The DNA damage response pathway allows brain cells to detect and repair damage in DNA, but persistent genotoxic stress to brain cells triggers an overactivation of the pathway, leading to premature cell aging and cell death associated with neurodegeneration.
The sensor leverages the properties of a virus often used in gene therapy. Host cells fight against the viral genetic sensor using DNA damage response pathways, enabling the team to trace the fate of neurons exposed to genotoxic stress. It also uses a genetic marker with high mutation rates as an indicator of genetic instability, allowing the researchers to explore DNA damage repair in cells.
The team tested the effectiveness and sensitivity of the sensor to detect genetic toxicity in mice treated with paraquat, an herbicide associated with PD risk; mice modified to overexpress a protein known to be involved in the onset and progression of PD; and the brains of patients with PD.
Exposure to paraquat heightened genetic toxicity in neurons. Neurons involved with dopamine transmission in the brain were most affected in cells, mice, and patients with PD. Loss of dopamine is a hallmark of PD. Neurons had subtle structural and cellular changes that may increase their vulnerability and affect function before cell death.
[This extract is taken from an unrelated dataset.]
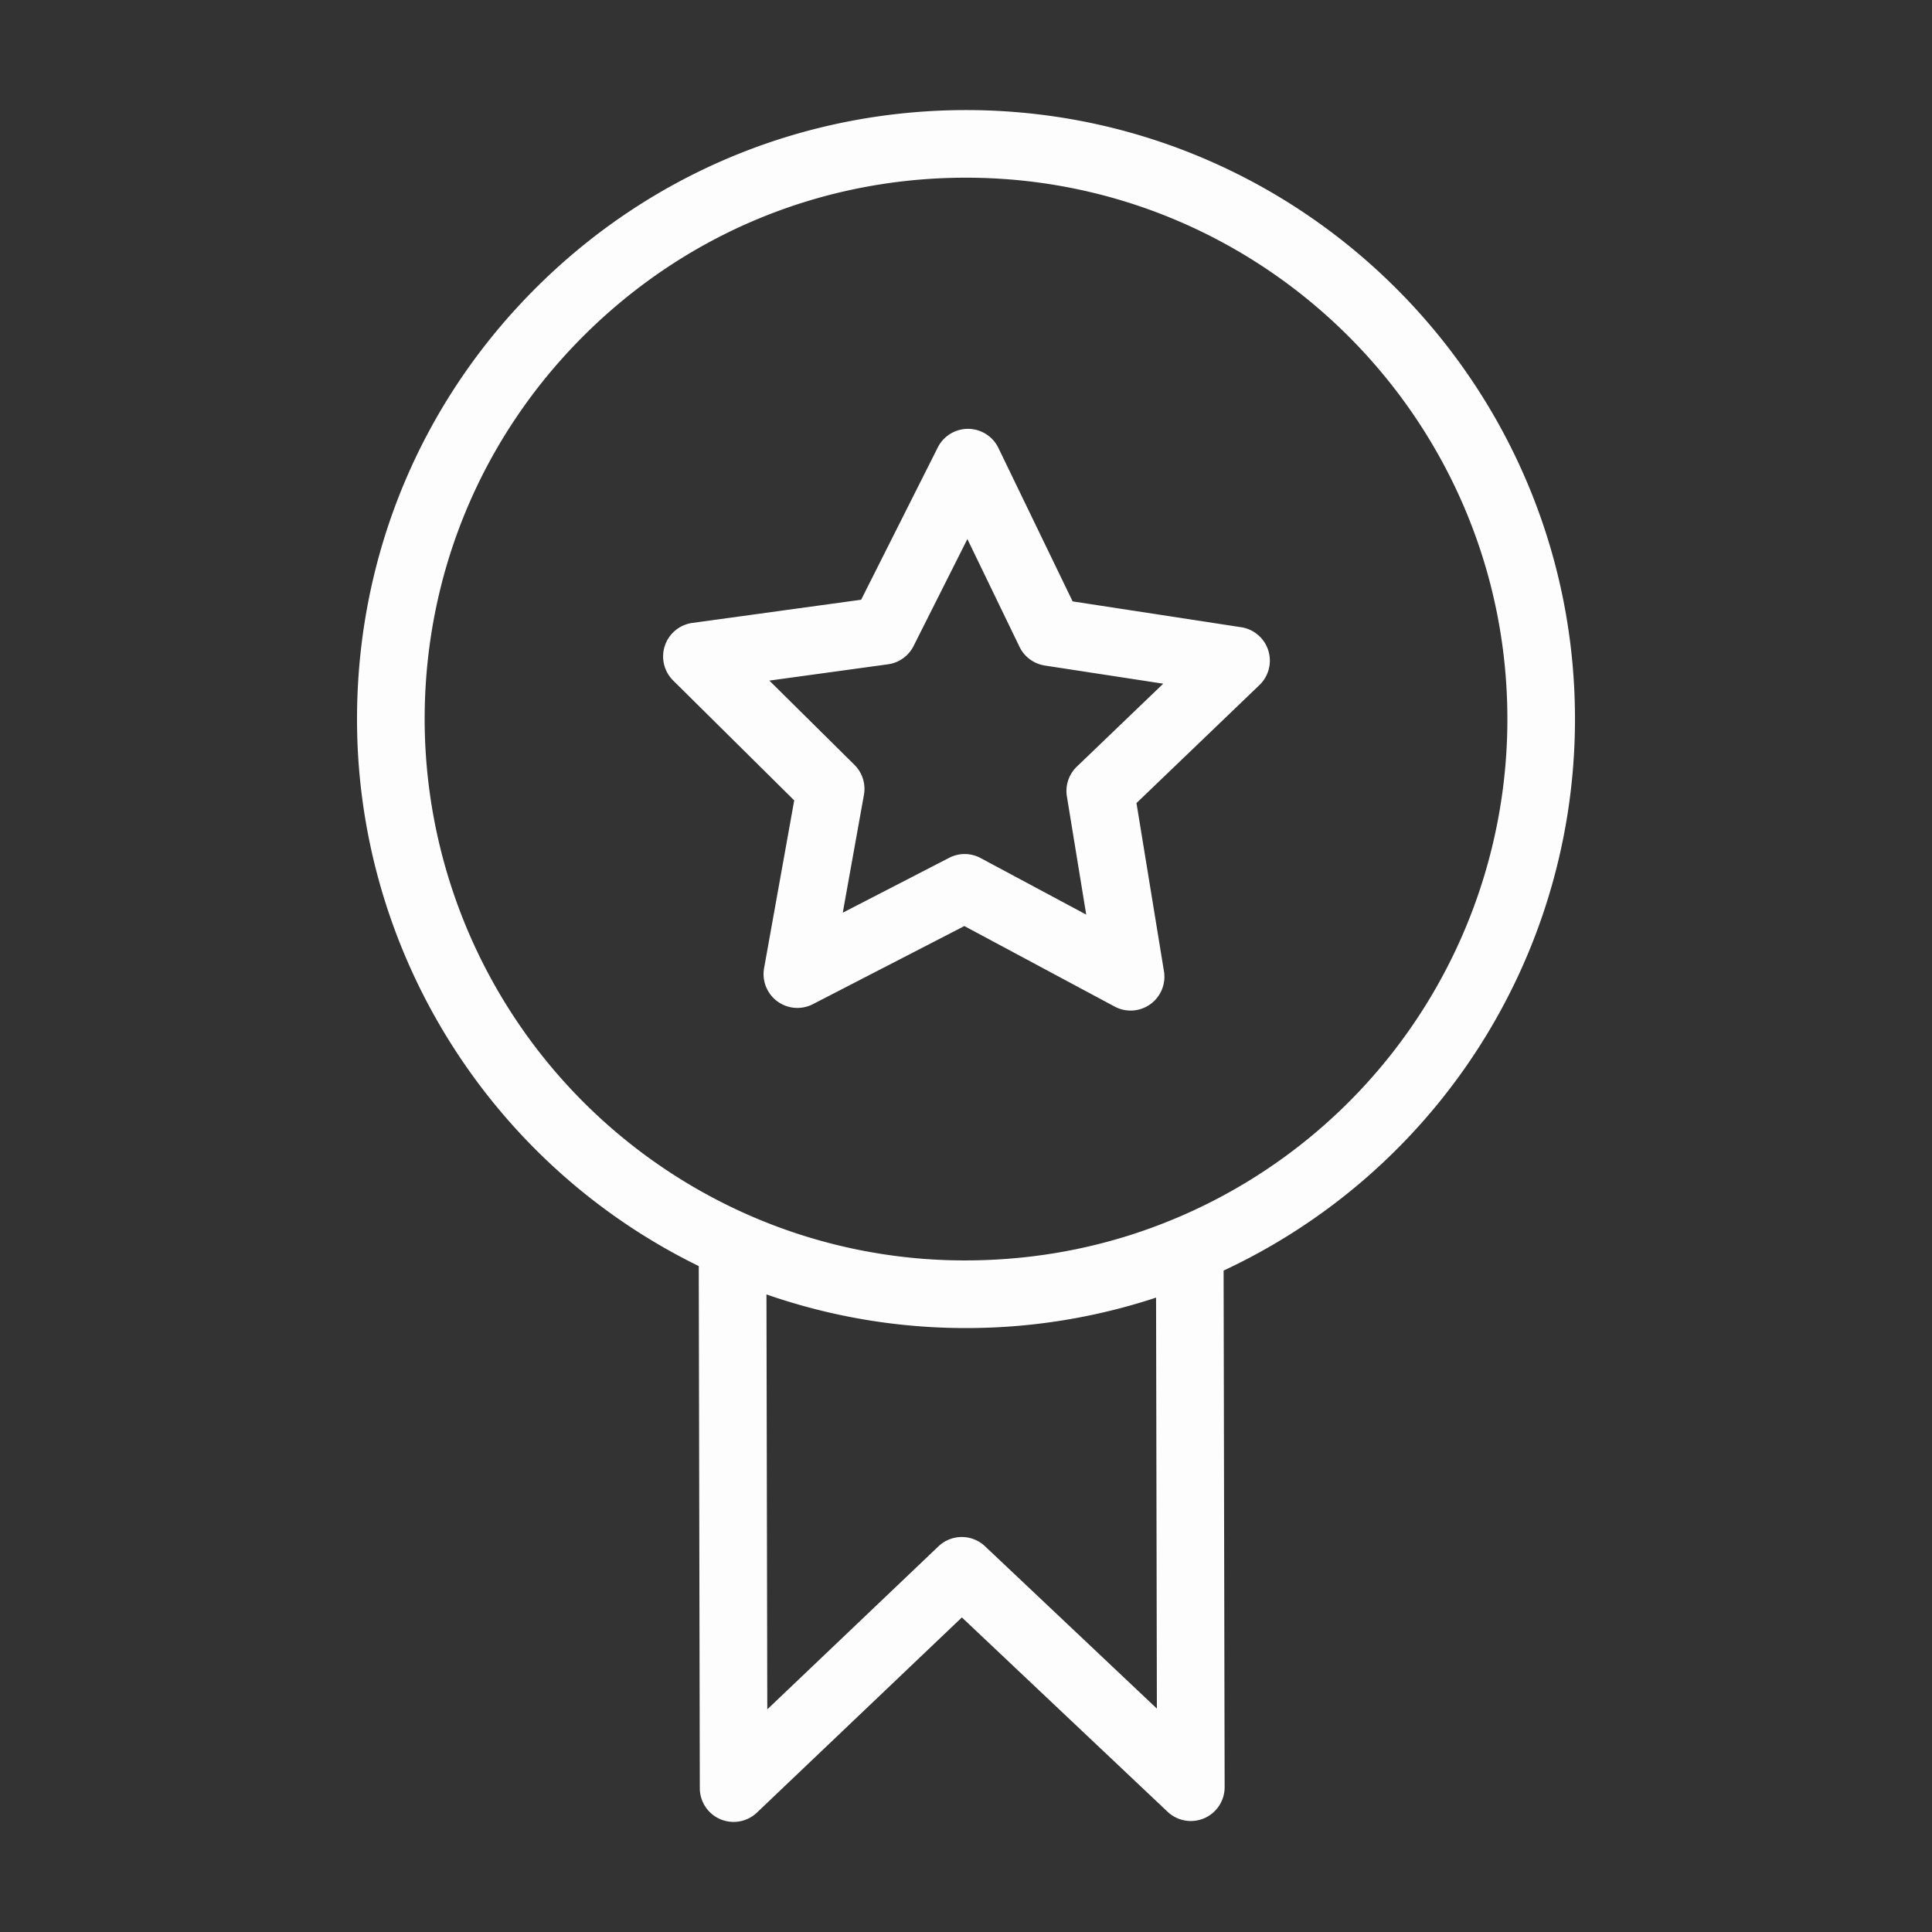 <svg xmlns="http://www.w3.org/2000/svg" viewBox="0 0 100 100" fill-rule="evenodd"><rect x="0" y="0" width="100" height="100" fill="#333333" stroke="none"/><g><path d="M81.27 37.463c.135-17.243-13.784-31.38-31.028-31.515-8.328-.057-16.229 3.126-22.181 8.987-5.952 5.86-9.266 13.688-9.331 22.041-.094 12.096 6.83 23.154 17.687 28.399l.055 27.18a1.497 1.497 0 0 0 1.5 1.497c.378 0 .75-.143 1.035-.414l10.779-10.265 10.821 10.223a1.5 1.5 0 0 0 2.53-1.093l-.054-26.897c10.981-5.067 18.092-15.993 18.187-28.143zM50.812 80.215a1.501 1.501 0 0 0-2.065.004l-9.281 8.839-.045-22.413a31.09 31.09 0 0 0 10.334 1.844l.252.001a31.08 31.08 0 0 0 10.08-1.673l.044 22.201-9.319-8.803zm10.214-16.957-.056.023c-3.546 1.494-7.306 2.228-11.192 2.208a28.042 28.042 0 0 1-11.467-2.521 28.314 28.314 0 0 1-16.58-25.97c.059-7.552 3.055-14.628 8.436-19.926 5.327-5.245 12.359-8.125 19.826-8.125l.227.001c15.589.122 28.173 12.903 28.051 28.492a28.27 28.27 0 0 1-17.245 25.818z" stroke-width="0.5" stroke="#fdfdfd" fill="#fdfdfd"></path><path d="m64.205 32.712-8.854-1.357-3.899-8.061a1.502 1.502 0 0 0-1.338-.847h-.012a1.5 1.5 0 0 0-1.34.826l-4.025 7.999-8.87 1.218a1.502 1.502 0 0 0-.852 2.552l6.363 6.301-1.583 8.813a1.501 1.501 0 0 0 2.164 1.598l7.957-4.104 7.896 4.229a1.496 1.496 0 0 0 1.58-.102c.465-.332.7-.899.608-1.462l-1.444-8.837 6.46-6.201a1.5 1.5 0 0 0-.811-2.565zm-8.294 7.147a1.502 1.502 0 0 0-.442 1.324l1.082 6.617-5.912-3.166a1.49 1.49 0 0 0-1.396-.011l-5.957 3.072 1.185-6.598a1.5 1.5 0 0 0-.421-1.331l-4.764-4.717 6.641-.912a1.5 1.5 0 0 0 1.136-.812l3.013-5.988 2.919 6.034c.215.444.635.754 1.123.83l6.629 1.016-4.836 4.642z" stroke-width="0.5" stroke="#fdfdfd" fill="#fdfdfd"></path></g></svg>

According to the researchers, PRISM successfully labeled genetic stress in neurons and may offer a useful tool for further understanding the underlying mechanisms by which environmental factors lead to neurodegeneration and exploring new therapies.
Citation: El-Saadi MW, Tian X, Grames M, Ren M, Keys K, Li H, Knott E, Yin H, Huang S, Lu XH. 2022. Tracing brain genotoxic stress in Parkinson's disease with a novel single-cell genetic sensor. Sci Adv 8(15):eabd1700.
Prenatal exposure to chemical mixtures worsens working memory in adolescents
Prenatal exposure to chemical mixtures worsens working memory in adolescents, according to NIEHS-funded researchers. Working memory is the ability to keep information in one’s mind and mentally manipulate it. Although prenatal exposure to individual chemicals may adversely affect working memory among children, few studies have explored the association of co-exposure to multiple chemicals with this outcome in adolescence, a time when working memory develops substantially.
The researchers evaluated prenatal exposure to individual chemicals and their mixture in relation to working memory among 373 adolescents living near a Superfund site in New Bedford, Massachusetts. Specifically, they compared dichlorodiphenyldichloroethylene (DDE), hexachlorobenzene (HCB), and 51 polychlorinated biphenyls measured in cord serum, and lead and manganese measured in cord blood with verbal and symbolic working memory. Their statistical analysis also looked for differences between males and females and between groups with higher or lower social disadvantage.
The team found worse verbal working memory among adolescents with higher exposure to manganese and the chemical mixture. There were no significant differences between males and females, but greater social disadvantage during prenatal development combined with higher exposure to HCB and DDE worsened working memory scores.
Given that working memory undergoes considerable development during adolescence and deficiencies may be associated with psychiatric and behavioral disorders, further research should examine the effect of environmental exposures on working memory in this age group, as well as social and economic stressors that may alter susceptibility, according to the team.
Citation: Oppenheimer AV, Bellinger DC, Coull BA, Weisskopf MG, Korrick SA. 2022. Prenatal exposure to chemical mixtures and working memory among adolescents. Environ Res 205:112436.